Futuro, Douglas Coupland:”meno lavoro, più tempo libero”. Ma siamo sicuri?

Leggere le parole di uno scrittore come Douglas Coupland aiuta a capire dove stiamo andando e verso cosa ci stiamo muovendo. L’autore di Generazione X ha una sensibilità unica nel cogliere lo spirito del tempo ed estrema facilità nel captare nel presente i segnali del futuro. Perciò, quando mi sono imbattuto nella sua ultima intervista rilasciata all’incirca un anno fa al Guardian, ho letto con interesse le sue idee sui prossimi cambiamenti che le nuove tecnologie imporranno al nostro modo di lavorare e quindi alla nostra quotidianità. Con lo stesso interesse ho notato che le sue idee non contemplano in alcun modo gli attacchi efferati che il mondo del lavoro stava subendo nel presente, grazie anche all’impiego di Internet e della tecnologia natagli attorno.

Douglas Coupland

Le doti di Douglas Coupland

Coupland, fin dai tempi del suo straordinario esordio letterario, ha saputo analizzare con lungimirante lucidità il mondo del lavoro moderno. Nel 1991 raccontò la Generazione X, quella nata tra il 1960 e il 1980. Trentenni che si accontentavano di un “Mcjob” pur essendo più intelligenti, colti e creativi dei loro datori di lavoro. É la prima generazione che ripiega su se stessa, rintanandosi nel privato, presa in ostaggio dalla società consumistica. Sono i primi a vivere un eterno presente, fuori dalla Storia, che è morta nel Novecento, come spiegherà il politologo Francis Fukuyama nel suo celebre saggio del 1992. Un anno dopo Coupland.

Per avere conferma delle capacità divinatorie dello scrittore canadese, basta riprendere in mano Generazione X e leggere la definizione di Mcjob:”impiego a paga irrisoria, basso prestigio, bassa dignità, bassa realizzazione e senza futuro, in genere nel settore dei servizi“. Senza saperlo, in quel lontano 1991 Coupland ha elaborato la definizione esatta di gig economy, l’economia dei “lavoretti”. La nuova forma di sfruttamento del lavoro che ha messo a valore la disperazione di milioni di disoccupati gettati per strada dalla crisi del 2008. Gente così disperata da accettare lavori in tutto per tutto subordinati, eccetto che per la forma contrattuale, la paga e le tutele.
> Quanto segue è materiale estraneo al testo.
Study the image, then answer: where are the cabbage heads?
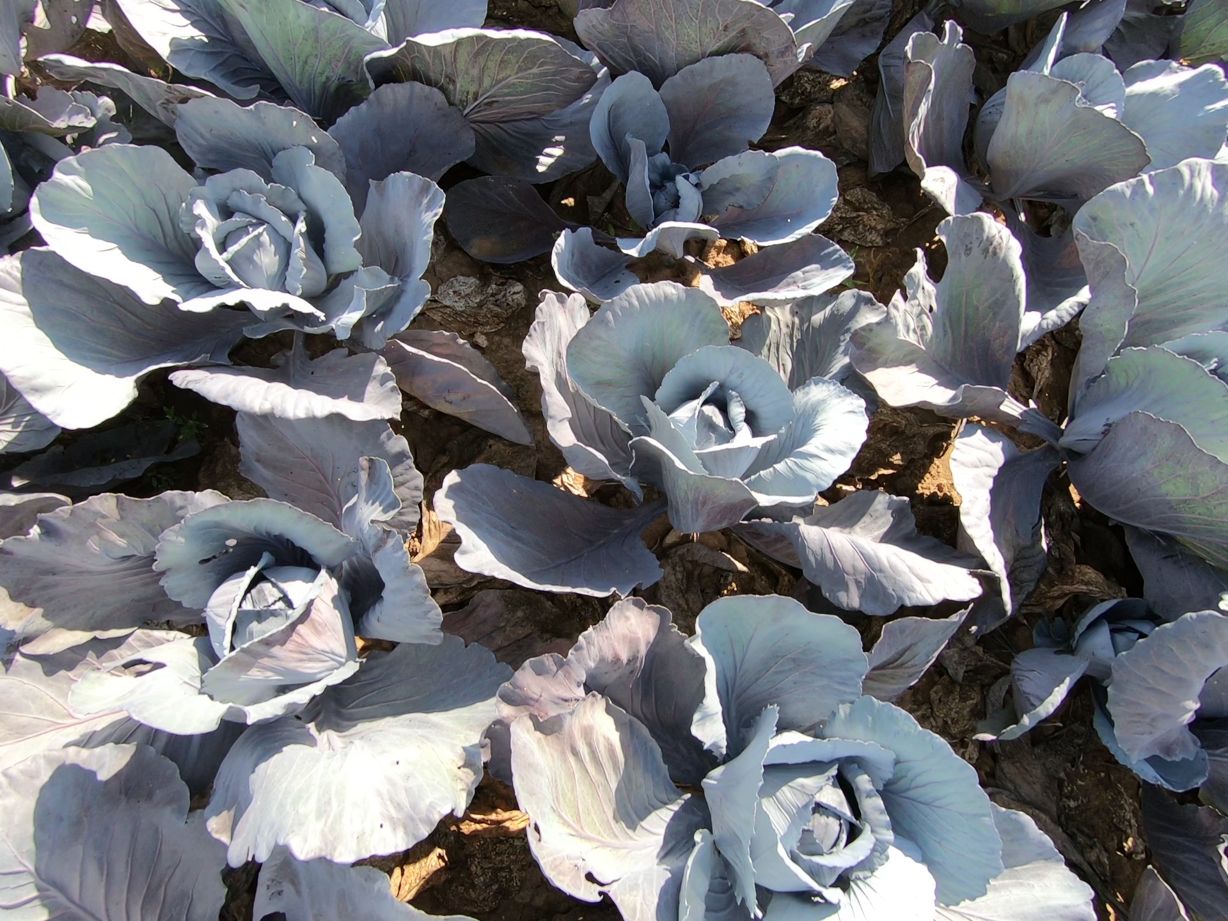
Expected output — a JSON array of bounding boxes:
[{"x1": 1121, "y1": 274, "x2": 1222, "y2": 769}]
[
  {"x1": 644, "y1": 178, "x2": 700, "y2": 231},
  {"x1": 214, "y1": 215, "x2": 295, "y2": 297},
  {"x1": 737, "y1": 767, "x2": 859, "y2": 883},
  {"x1": 677, "y1": 402, "x2": 736, "y2": 478},
  {"x1": 219, "y1": 567, "x2": 352, "y2": 672}
]
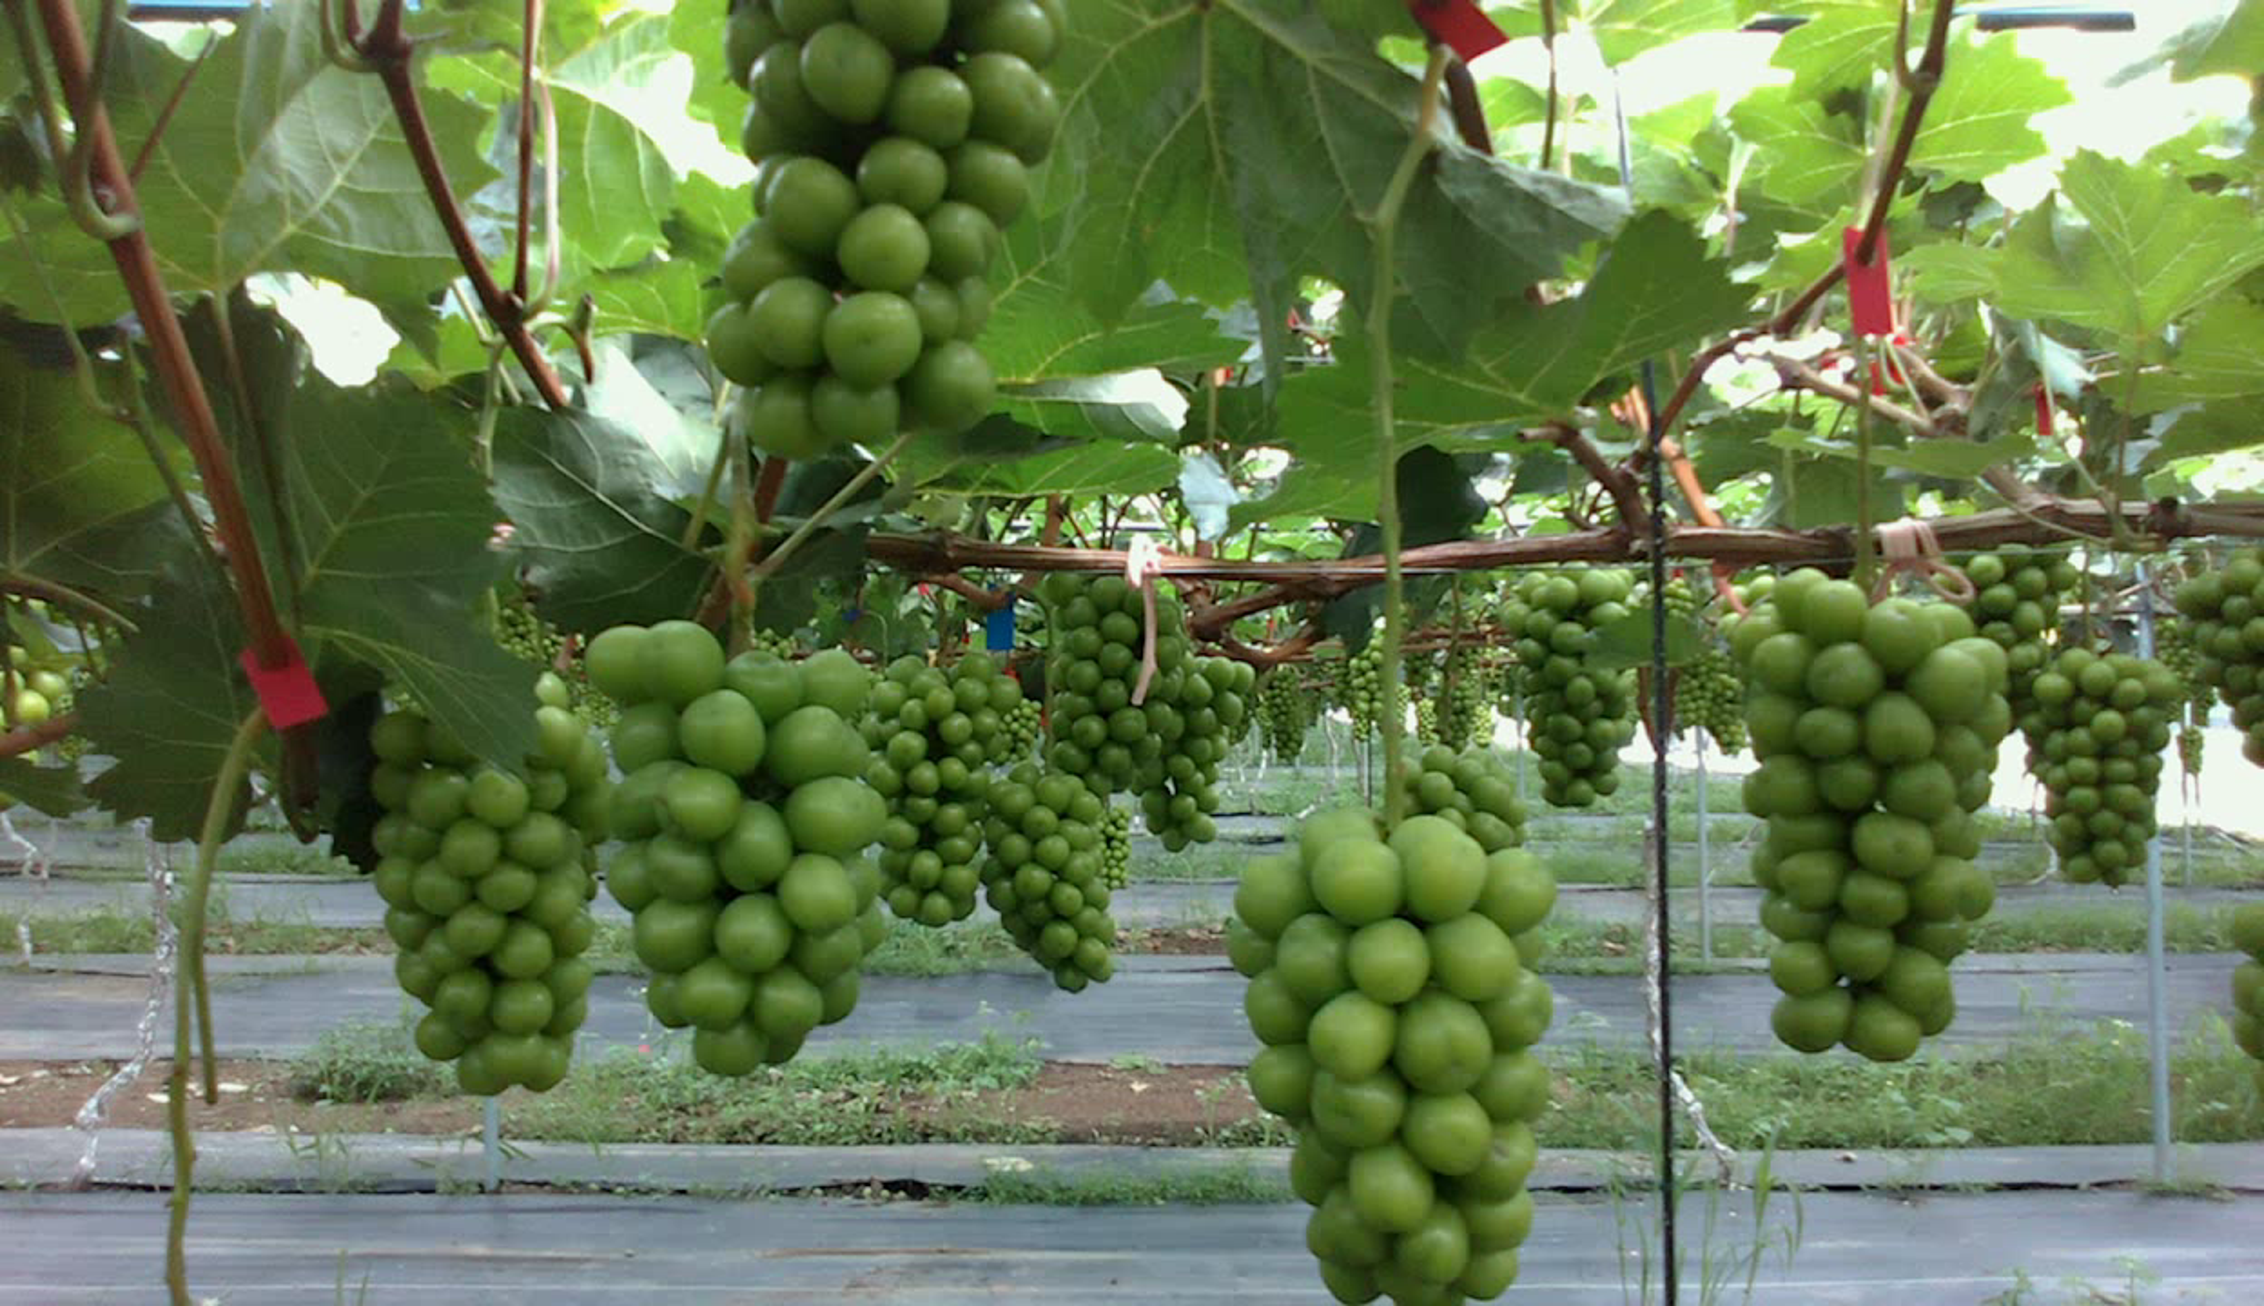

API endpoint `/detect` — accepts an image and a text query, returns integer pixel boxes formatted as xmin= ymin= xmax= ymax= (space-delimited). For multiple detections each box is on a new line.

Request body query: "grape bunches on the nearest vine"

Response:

Un colpo di spugna sui diritti conquistati faticosamente in decenni di lotte.

Douglas Copland
Operai a lavoro – Fonte: http://imparareconlastoria.blogspot.it

Il futuro del lavoro secondo Douglas Copland

Sapremo fare molte più cose, lavoreremo di meno e da qualunque posto grazie a Internet e ai dispositivi digitali. Addio al vecchio ufficio. Lavoreremo in un parco, al mare, in biblioteca o dentro un bar. L’unico nostro problema sarà quello di imparare a gestire il tempo libero. Nella stessa giornata avremo più ore da dedicargli e si alterneranno con quelle del lavoro. Il futuro immaginato da Coupland è più o meno questo.

Interessante quanto dice che la connettività e l’uso degli smartphone stanno determinando i cambiamenti neurologici più profondi nella storia umana perché ci inducono a pensare diversamente da come facevamo qualche decennio fa. Ma se sia un bene o un male Coupland non lo dice. Così come non esprime giudizi quando ricorda che il flusso di notizie e dati che ci bombarda quotidianamente ci ha portati a percepire il tempo in modo diverso. Il futuro adesso viene vissuto nello stesso momento del presente. Altro importantissimo cambiamento neurologico. A suo avviso inoltre la crescita dell’automazione e dell’IA darà forma a una nuova società. Le classi medie moriranno per lasciare il posto ad una nuova enorme “global mobile class“, alimentata dalla banda larga.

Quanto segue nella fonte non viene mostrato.